• **EXERCISE BRIEF**
An exact copy of the records below is needed, with every picture left out.

• **STUDY MATERIAL**

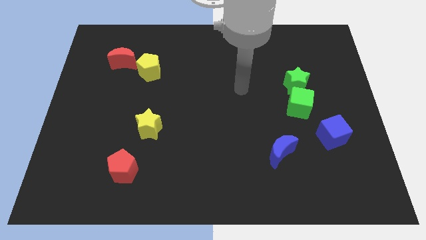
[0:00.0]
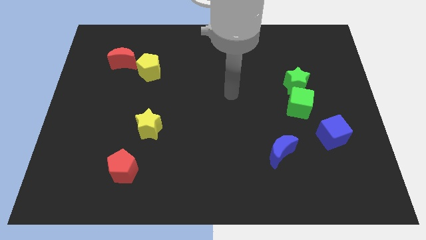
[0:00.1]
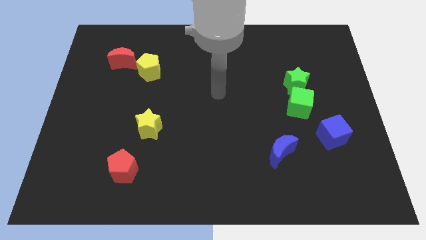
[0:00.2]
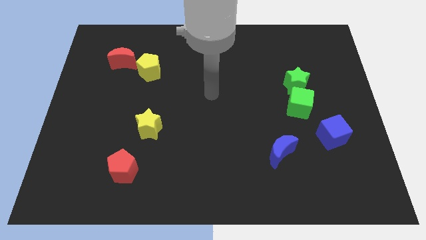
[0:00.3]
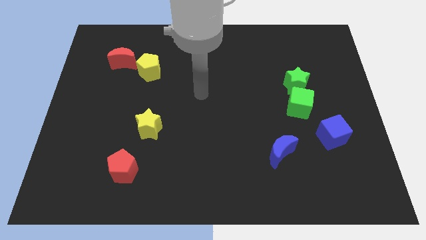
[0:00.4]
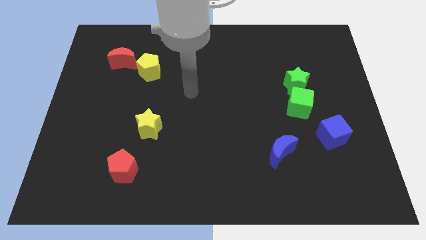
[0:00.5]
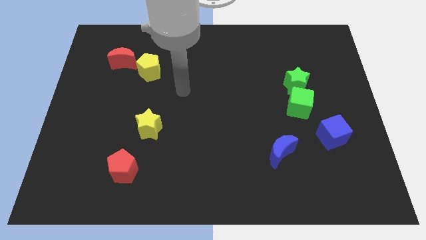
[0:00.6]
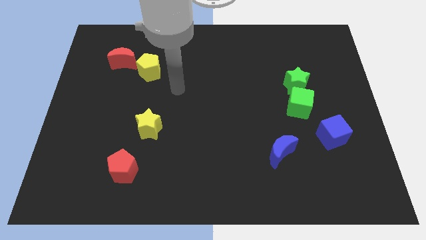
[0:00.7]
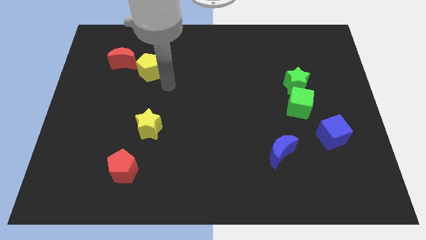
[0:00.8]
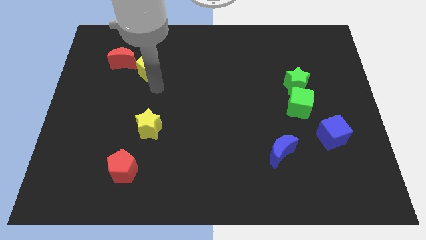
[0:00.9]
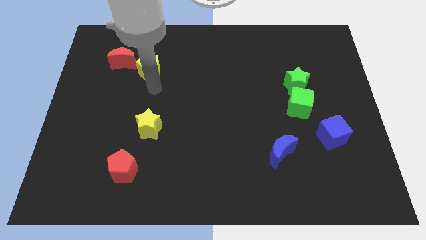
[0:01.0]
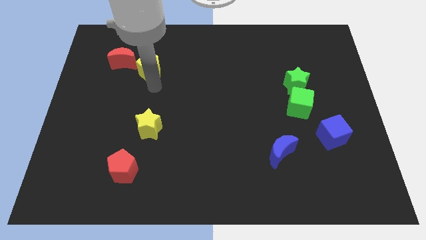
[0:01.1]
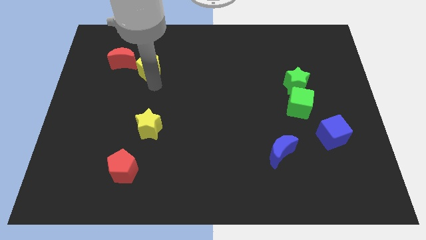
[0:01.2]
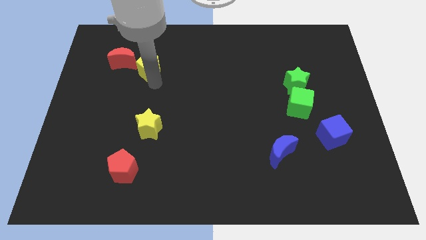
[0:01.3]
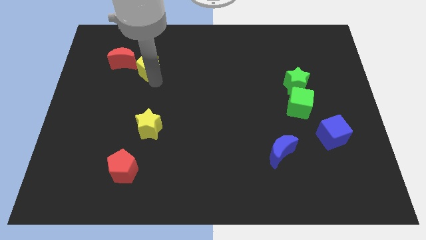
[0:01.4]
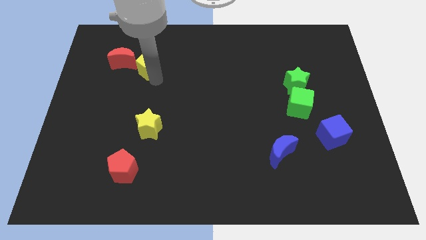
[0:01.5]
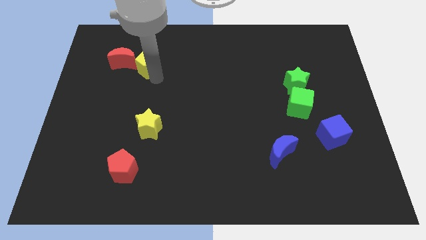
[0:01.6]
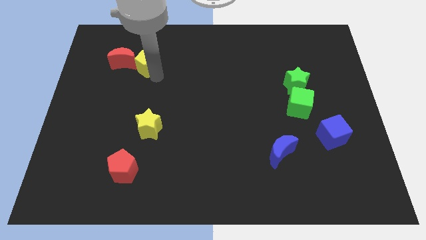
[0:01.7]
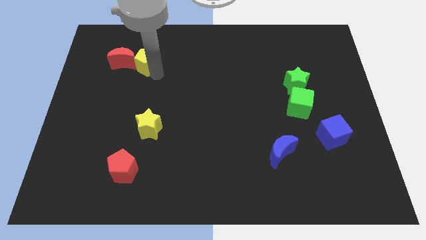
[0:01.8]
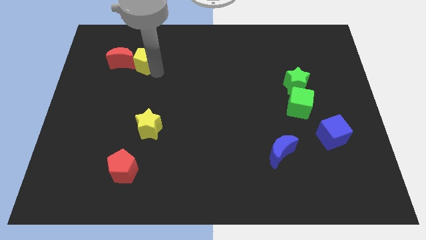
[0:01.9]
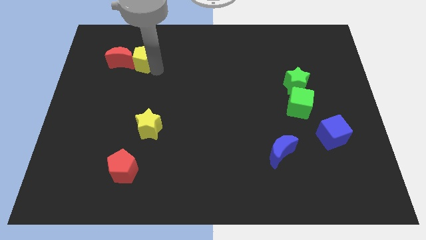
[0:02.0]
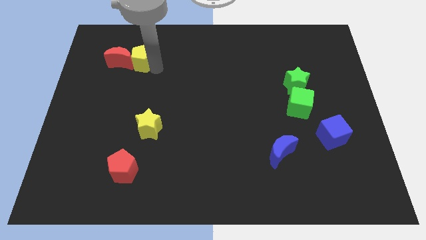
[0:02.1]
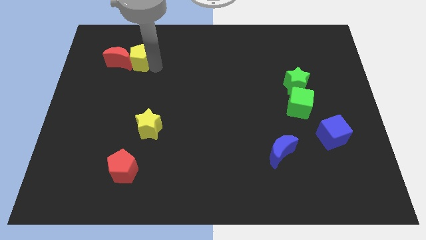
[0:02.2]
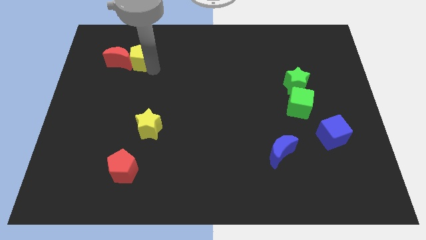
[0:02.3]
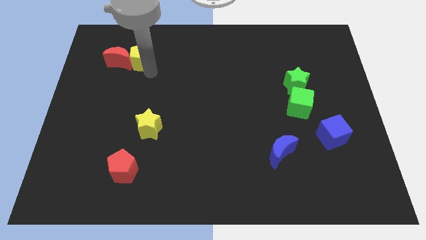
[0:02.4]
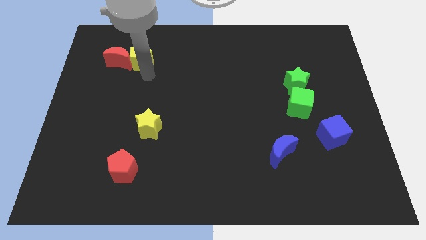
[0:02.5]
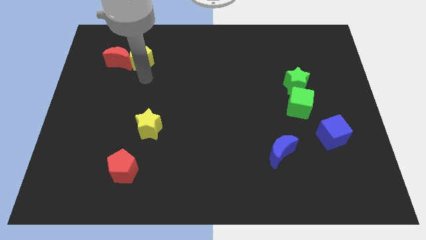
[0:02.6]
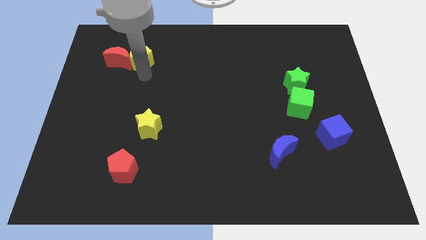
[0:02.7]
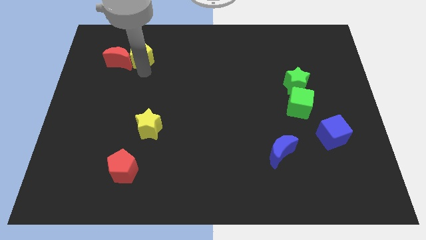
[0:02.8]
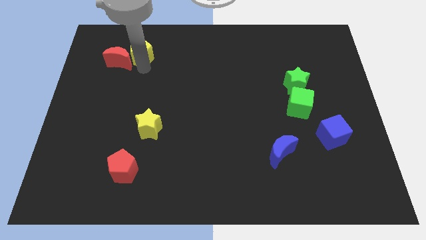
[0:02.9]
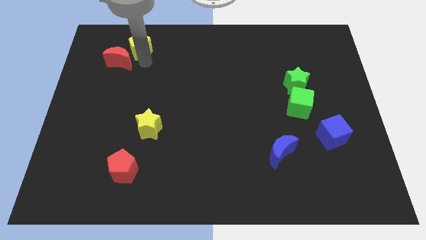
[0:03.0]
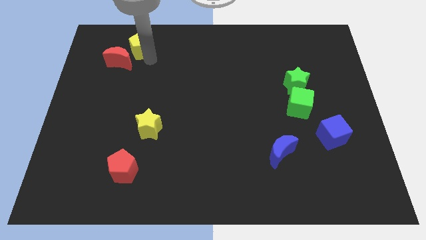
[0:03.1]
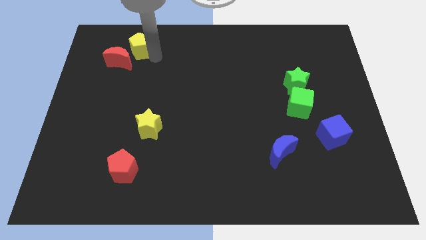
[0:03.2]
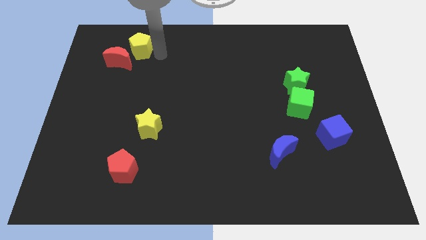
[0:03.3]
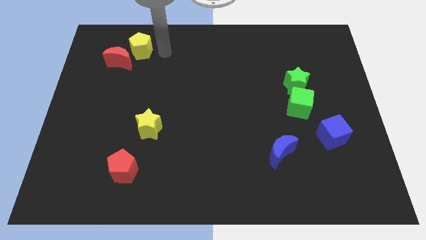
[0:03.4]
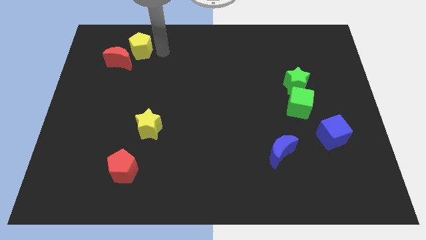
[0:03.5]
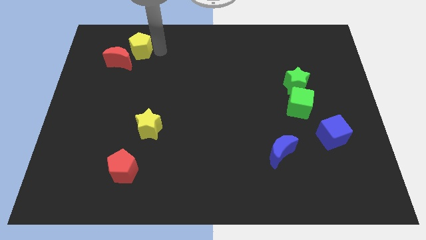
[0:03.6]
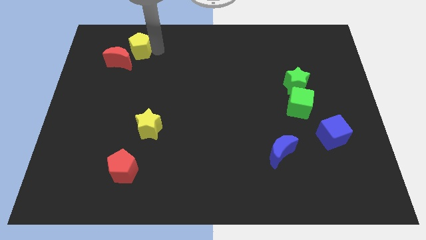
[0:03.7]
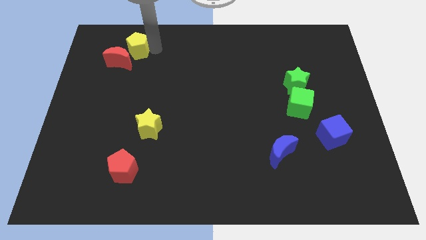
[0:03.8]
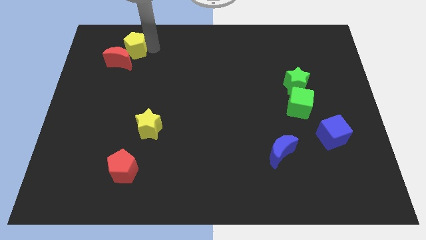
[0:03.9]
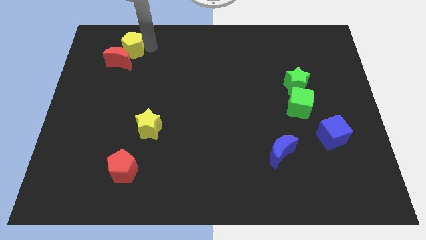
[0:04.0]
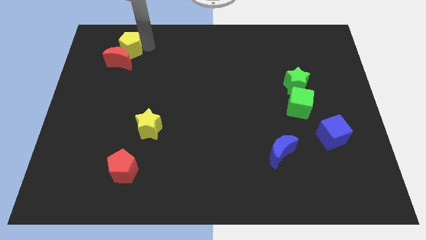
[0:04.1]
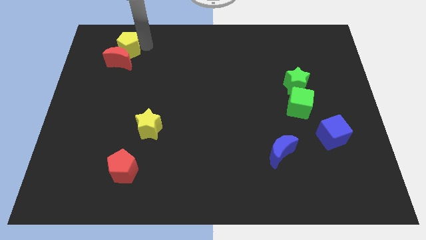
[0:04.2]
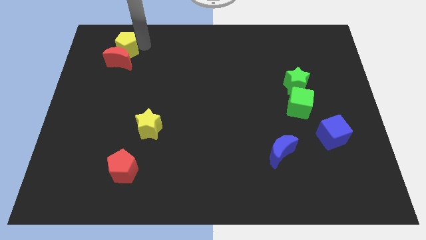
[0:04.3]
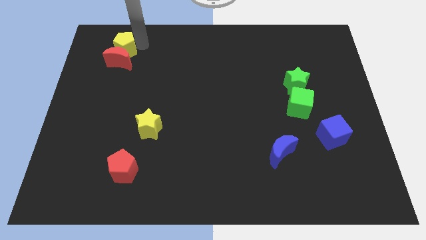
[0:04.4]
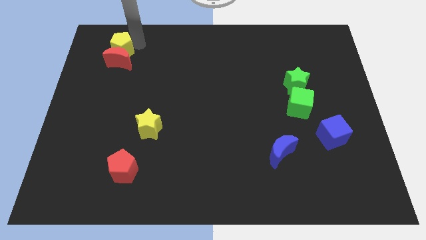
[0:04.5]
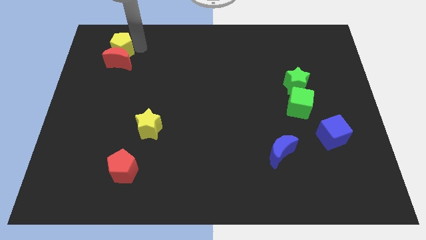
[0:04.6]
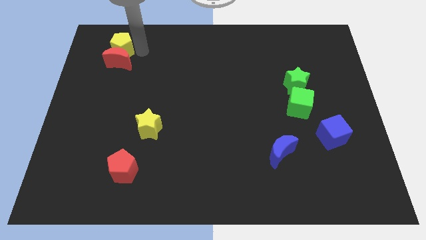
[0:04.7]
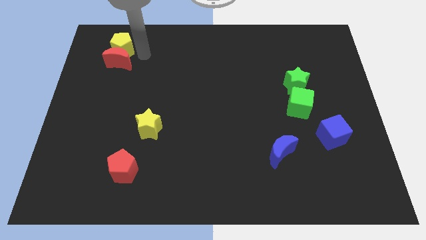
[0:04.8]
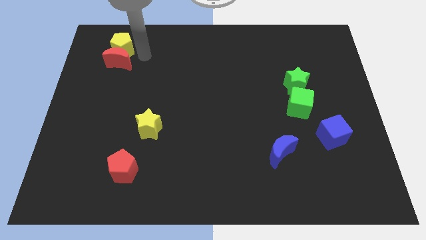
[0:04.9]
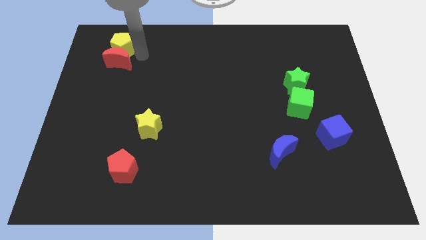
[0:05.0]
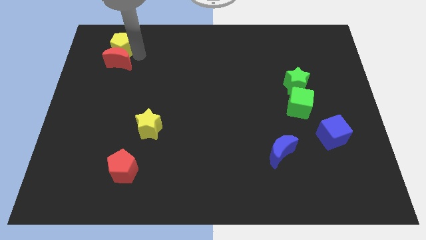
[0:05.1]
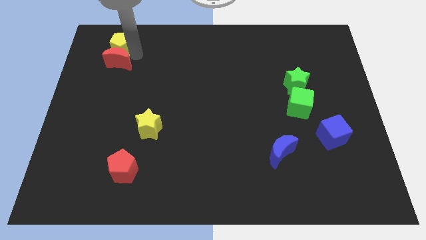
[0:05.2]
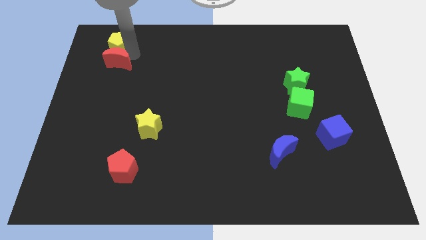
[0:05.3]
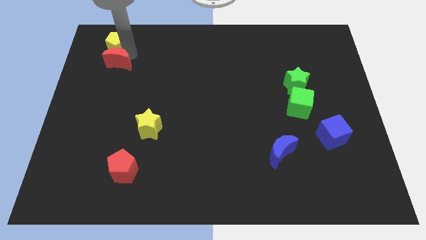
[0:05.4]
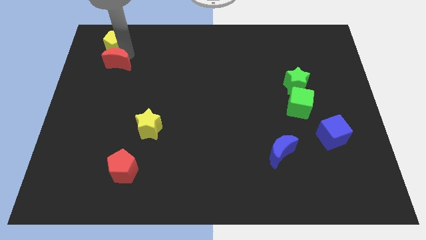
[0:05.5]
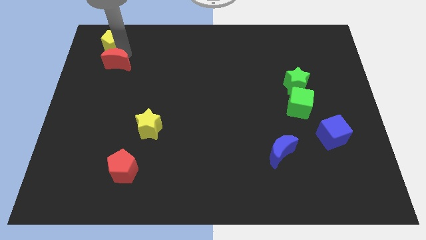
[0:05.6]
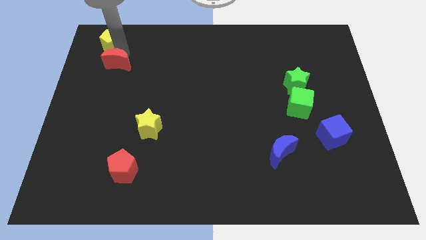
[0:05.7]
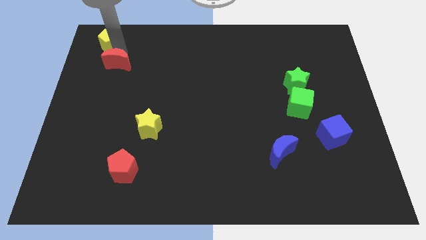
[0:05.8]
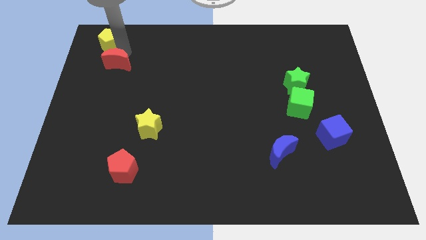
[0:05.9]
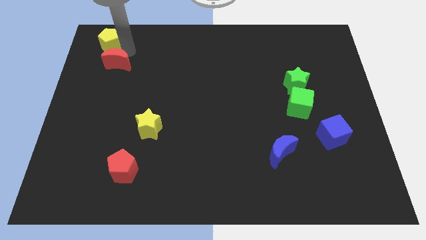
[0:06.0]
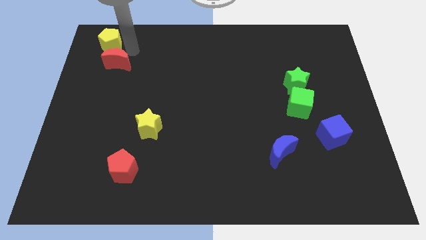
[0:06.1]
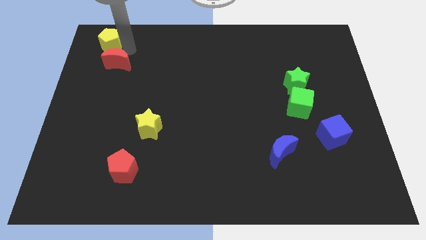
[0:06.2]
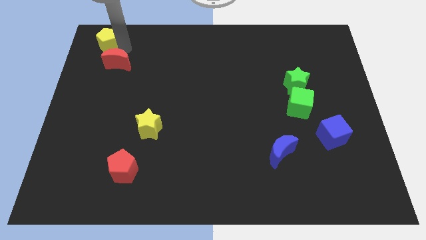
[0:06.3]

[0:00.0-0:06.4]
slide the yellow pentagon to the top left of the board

• **TASK ANSWER**
[0:00.0]
[0:00.1]
[0:00.2]
[0:00.3]
[0:00.4]
[0:00.5]
[0:00.6]
[0:00.7]
[0:00.8]
[0:00.9]
[0:01.0]
[0:01.1]
[0:01.2]
[0:01.3]
[0:01.4]
[0:01.5]
[0:01.6]
[0:01.7]
[0:01.8]
[0:01.9]
[0:02.0]
[0:02.1]
[0:02.2]
[0:02.3]
[0:02.4]
[0:02.5]
[0:02.6]
[0:02.7]
[0:02.8]
[0:02.9]
[0:03.0]
[0:03.1]
[0:03.2]
[0:03.3]
[0:03.4]
[0:03.5]
[0:03.6]
[0:03.7]
[0:03.8]
[0:03.9]
[0:04.0]
[0:04.1]
[0:04.2]
[0:04.3]
[0:04.4]
[0:04.5]
[0:04.6]
[0:04.7]
[0:04.8]
[0:04.9]
[0:05.0]
[0:05.1]
[0:05.2]
[0:05.3]
[0:05.4]
[0:05.5]
[0:05.6]
[0:05.7]
[0:05.8]
[0:05.9]
[0:06.0]
[0:06.1]
[0:06.2]
[0:06.3]

[0:00.0-0:06.4]
slide the yellow pentagon to the top left of the board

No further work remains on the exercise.